The Museum of Chinese in America (MOCA) is holding a free encore screening of the documentary film, American Revolutionary: The Evolution of Grace Lee Boggs on Thursday, October 15, 2015 at 6:30pm, to commemorate the incredible life and work of Grace Lee Boggs.
She passed away October 5, 2015. The Museum will also extend free admission on this special day from 11am to 9pm.
MOCA first held a screening of this film on January 8, 2015 with an attendance of over one hundred audience members. “For this encore screening, we hope to provide a space for people to come together to remember and celebrate her life and contributions” said MOCA President Nancy Yao Maasbach.
Visitors will be able to view the Museum’s core exhibition, With a Single Step: Stories in the Making of America that provides the historical context for Grace Lee Boggs’ life as a Chinese American and her involvement in the major 20th Century U.S. social movements. In the gallery, visitors will also have the opportunity to share their memories of Grace Lee Boggs and reflect on how she changed and moved them.
Film Synopsis:
American Revolutionary: The Evolution of Grace Lee Boggs plunges us into Boggs’ lifetime of vital thinking and action, traversing the major U.S. social movements of the last century, from labor to civil rights, to Black Power, feminism, the Asian American and environmental justice movement and beyond. Boggs’ constantly evolving strategy – her willingness to re-evaluate and change tactics in relation to the world shifting around her – drives the story forward. Angela Davis, Bill Moyers, Bill Ayers, Harlem faves Ruby Dee and Ossie Davis, Danny Glover, Boggs’ late husband James and a host of Detroit comrades across three generations help shape this uniquely American Story. As she wrestles with a Detroit in ongoing transition, contradictions of violence and non-violence, Malcolm X and Martin Luther King, the 1967 rebellions, and non-linear notions of time and history, Boggs emerges with an approach that is radical in its simplicity and clarity: revolution is not an act of aggression or merely a protest. “Revolution,” Boggs says, “is something deeper within the human experience – the ability to transform oneself to transform the world.”
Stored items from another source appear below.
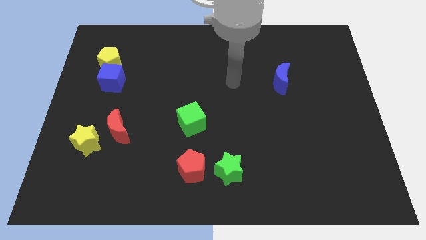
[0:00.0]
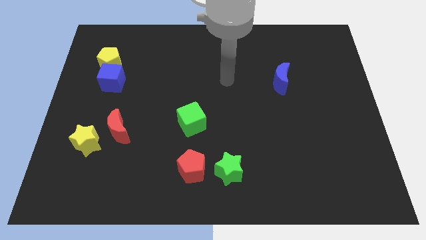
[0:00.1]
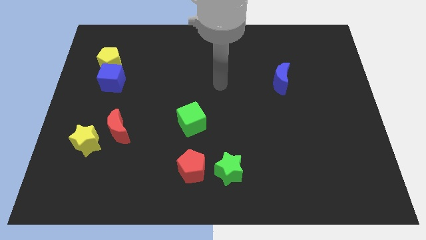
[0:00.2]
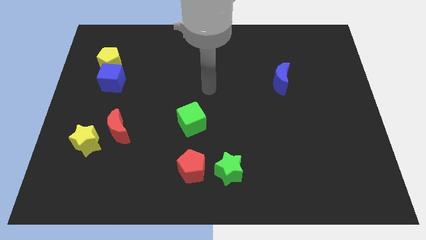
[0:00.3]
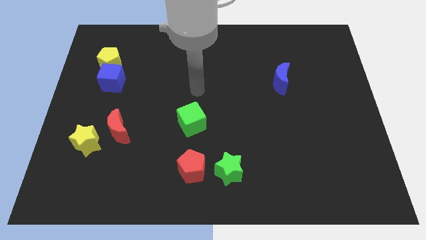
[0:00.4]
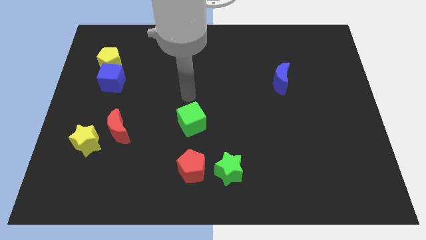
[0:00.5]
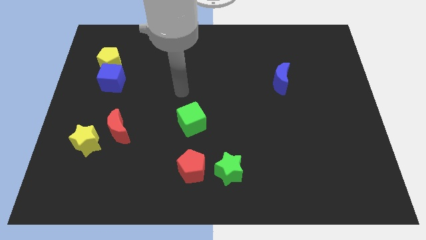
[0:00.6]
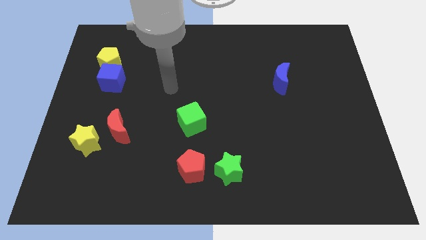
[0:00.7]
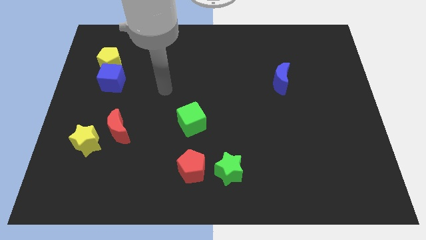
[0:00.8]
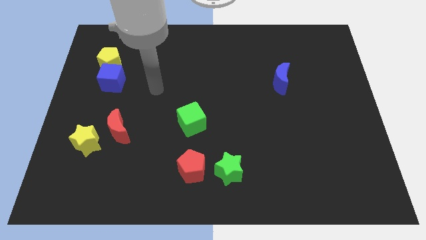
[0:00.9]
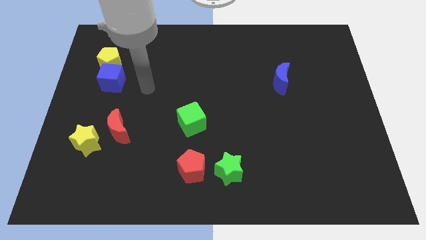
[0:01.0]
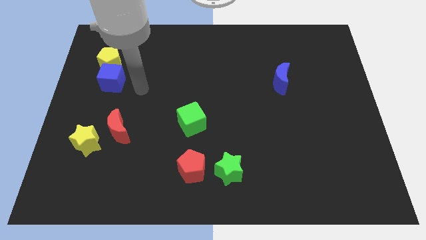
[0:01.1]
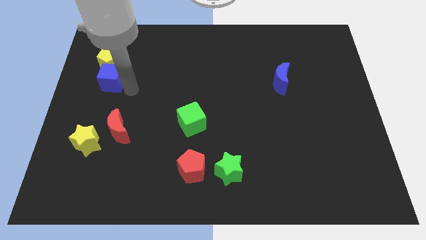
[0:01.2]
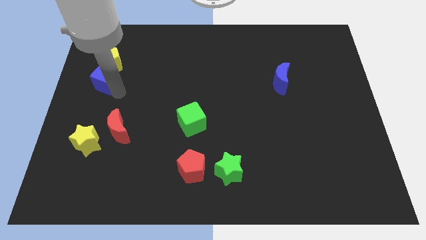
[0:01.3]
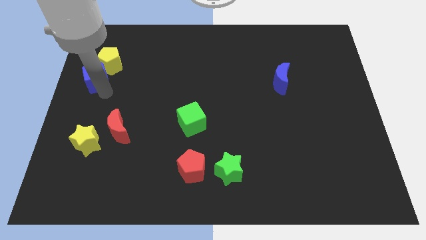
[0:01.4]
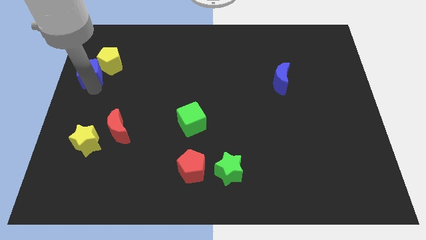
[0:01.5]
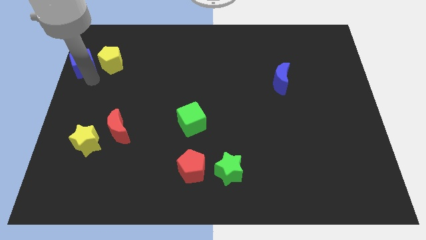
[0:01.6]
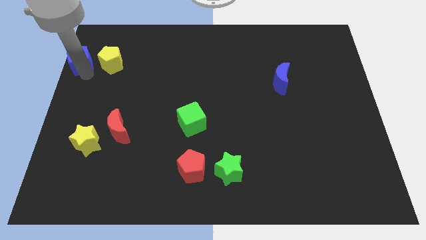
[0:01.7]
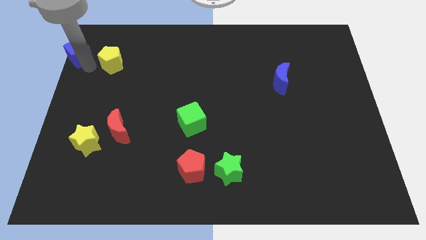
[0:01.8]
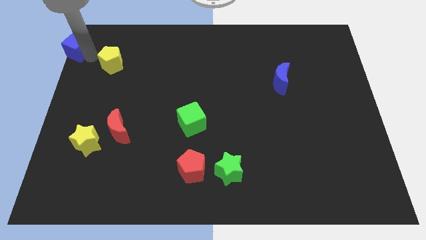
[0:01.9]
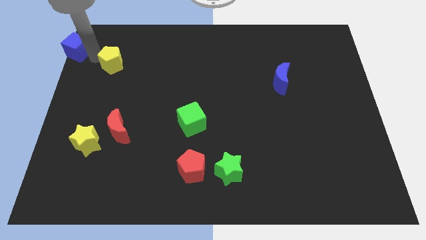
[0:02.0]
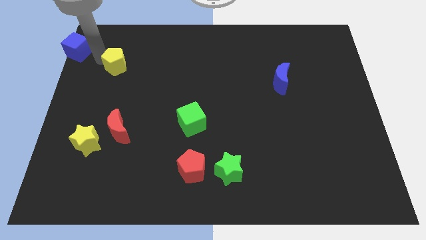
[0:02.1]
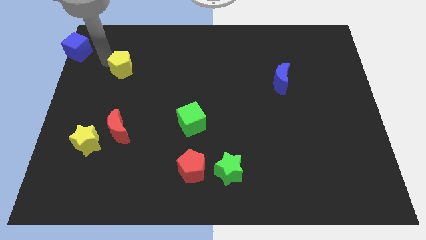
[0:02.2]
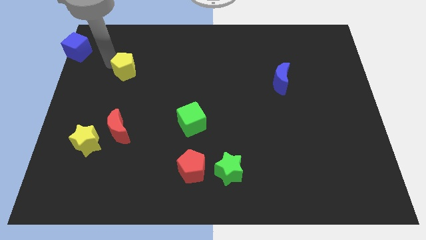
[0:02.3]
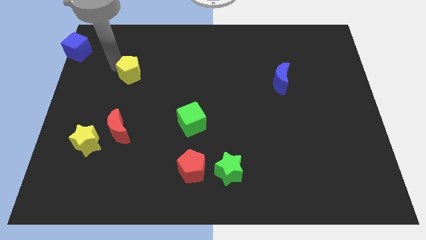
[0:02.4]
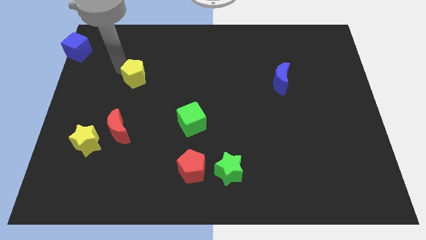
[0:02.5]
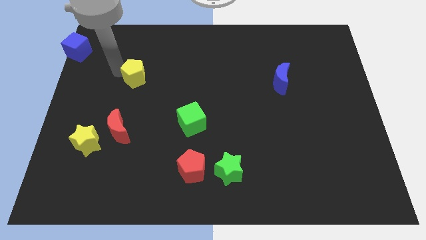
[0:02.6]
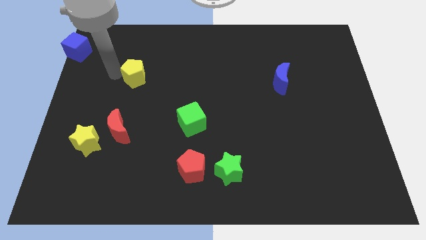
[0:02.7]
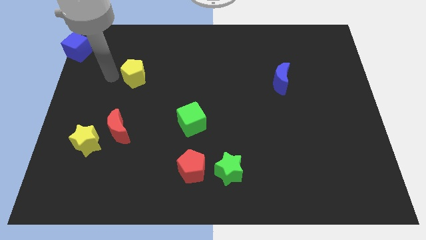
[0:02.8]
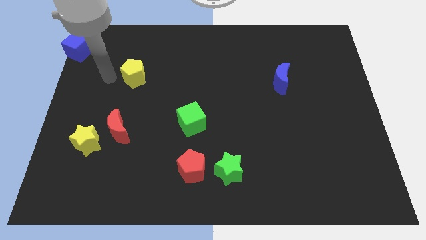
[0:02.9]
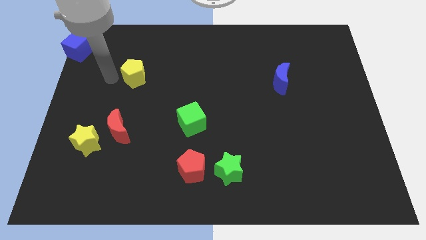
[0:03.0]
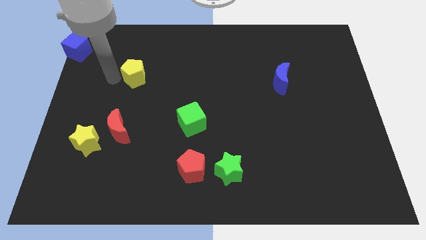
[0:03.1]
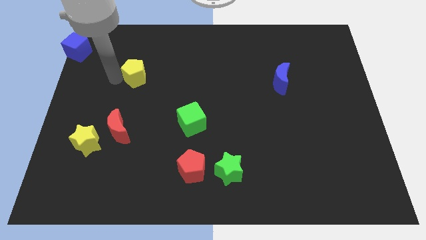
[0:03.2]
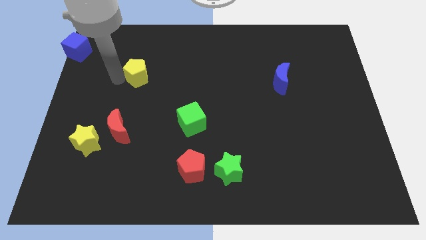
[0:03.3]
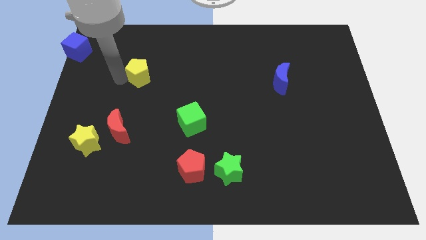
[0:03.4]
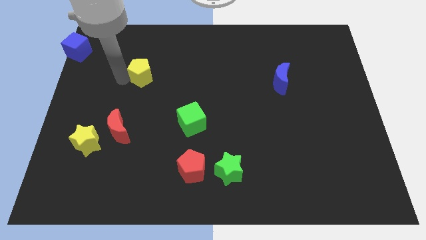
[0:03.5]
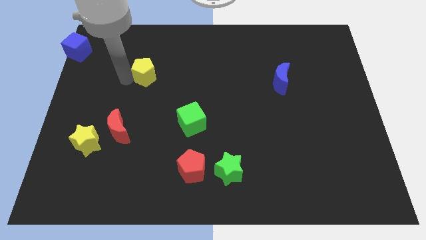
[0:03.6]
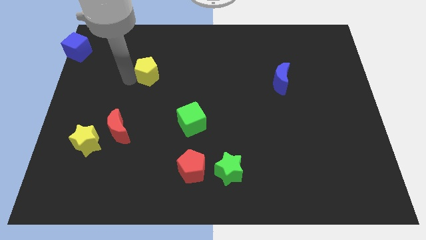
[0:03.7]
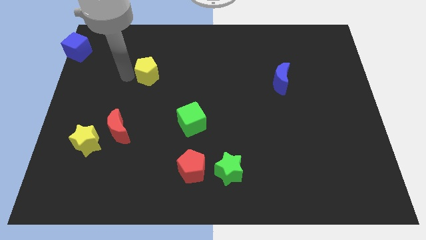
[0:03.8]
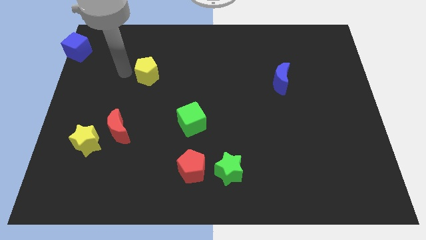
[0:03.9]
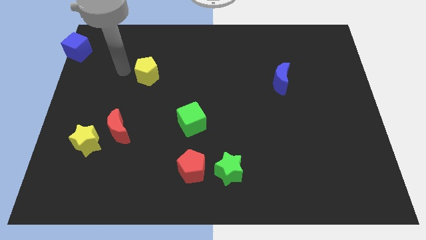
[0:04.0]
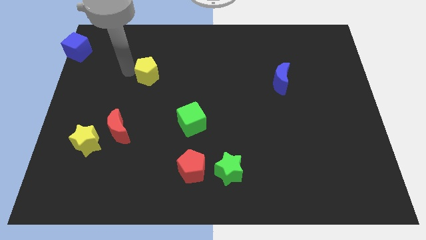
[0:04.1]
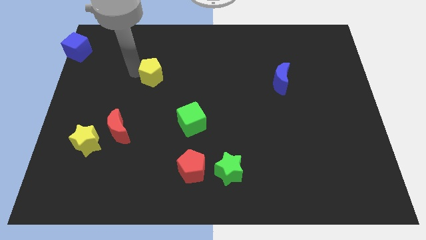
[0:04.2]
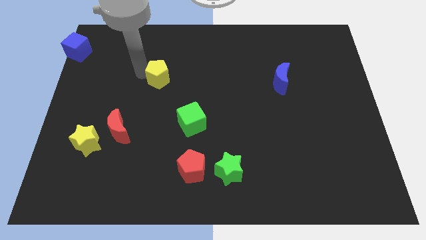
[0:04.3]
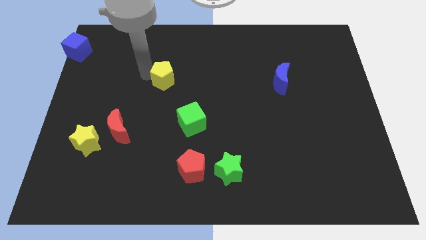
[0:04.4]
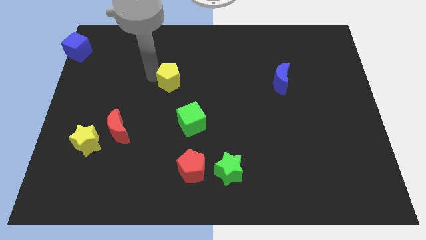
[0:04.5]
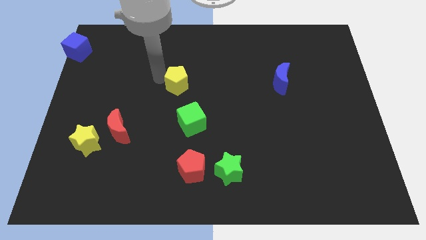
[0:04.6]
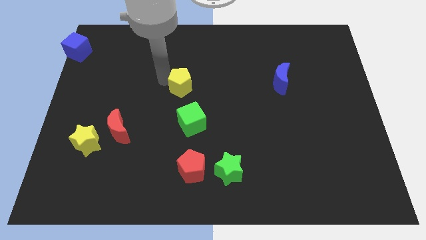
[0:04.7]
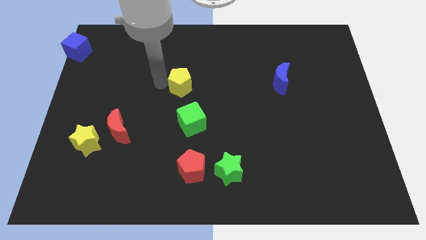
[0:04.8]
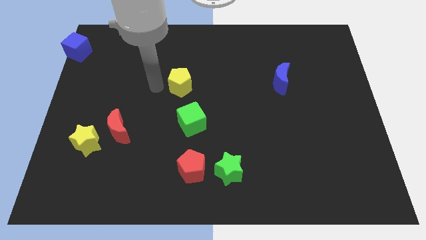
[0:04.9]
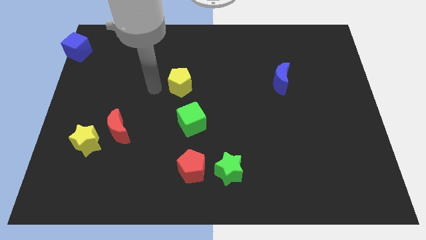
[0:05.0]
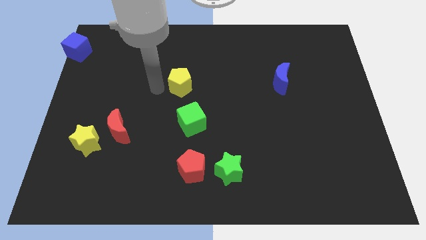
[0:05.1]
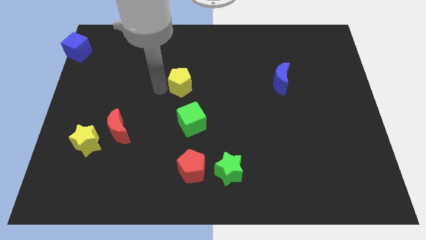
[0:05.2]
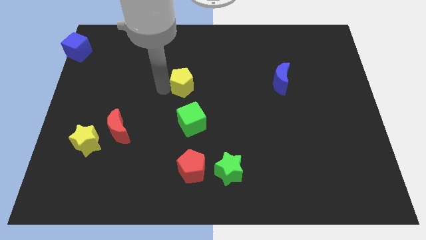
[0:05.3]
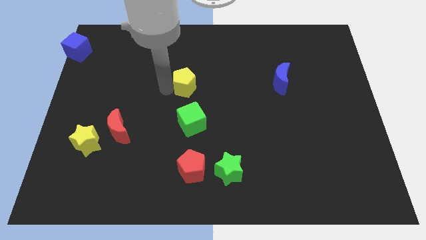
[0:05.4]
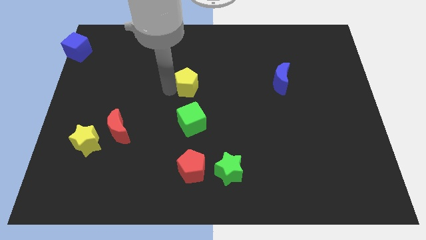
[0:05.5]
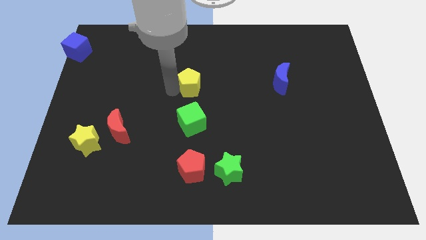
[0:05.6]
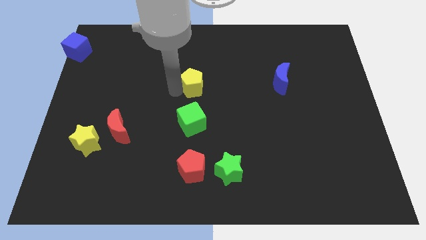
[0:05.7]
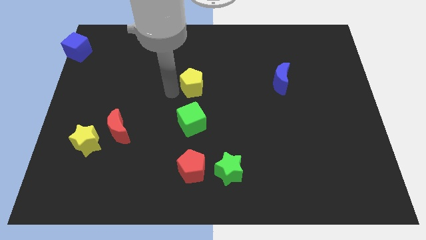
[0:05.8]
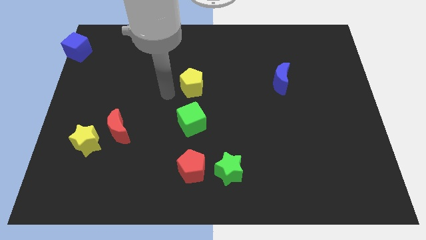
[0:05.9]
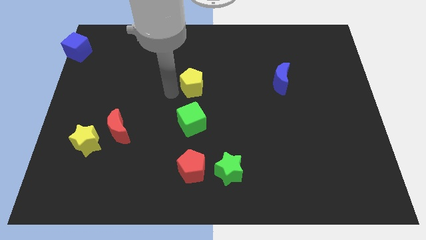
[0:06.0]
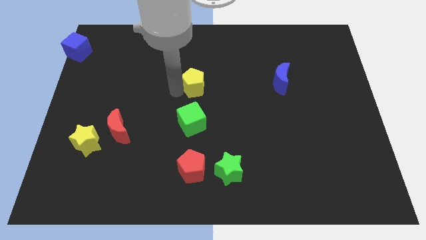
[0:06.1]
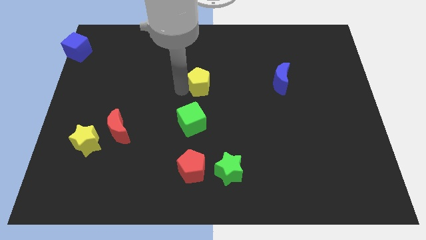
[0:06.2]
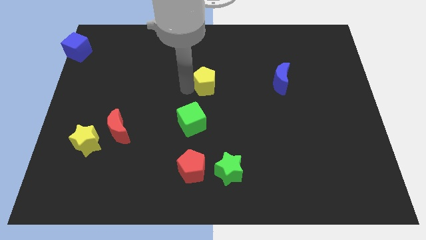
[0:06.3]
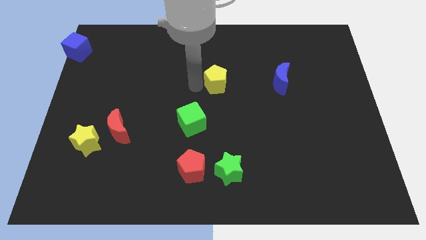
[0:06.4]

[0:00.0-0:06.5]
push the yellow pentagon just left of the blue moon

As it kinetically unfurls an evolving life, city, and philosophy, American Revolutionary takes the view on a journey into the power of ideas and the necessity of expansive, imaginative thinking, as well as ongoing dialectical conversations, to propel societal change.
Produced and directed by Grace Lee (Janeane from Des Moines, The Grace Lee Project), produced by Caroline Libresco (Sunset Story)and Austin Wilkin (Bob and the Monster), edited by Kim Roberts (Food, Inc., Waiting For Superman, Inequality for All), and with a lush score by Vivek Maddala (Kaboom,Highway), American Revolutionary: The Evolution of Grace Lee Boggs, has been 12 years in the making. It incorporates a rich archival trove from the 1920s to the present and visual effects to reinforce Boggs’s statement that history “is the story of the past as well as the future.” Animated graphics by Syd Garon and Casey Ryder from Studio Number One bring Boggs’s whirring mind to life, illustrating her voice that ideas are not fixed, but that once they become fixed, they are dead. In an age when seemingly insurmountable injustices and contradictions face us, American Revolutionary inspires concerned citizens and dreamers of all ages with new thinking to sustain their struggle and engagement.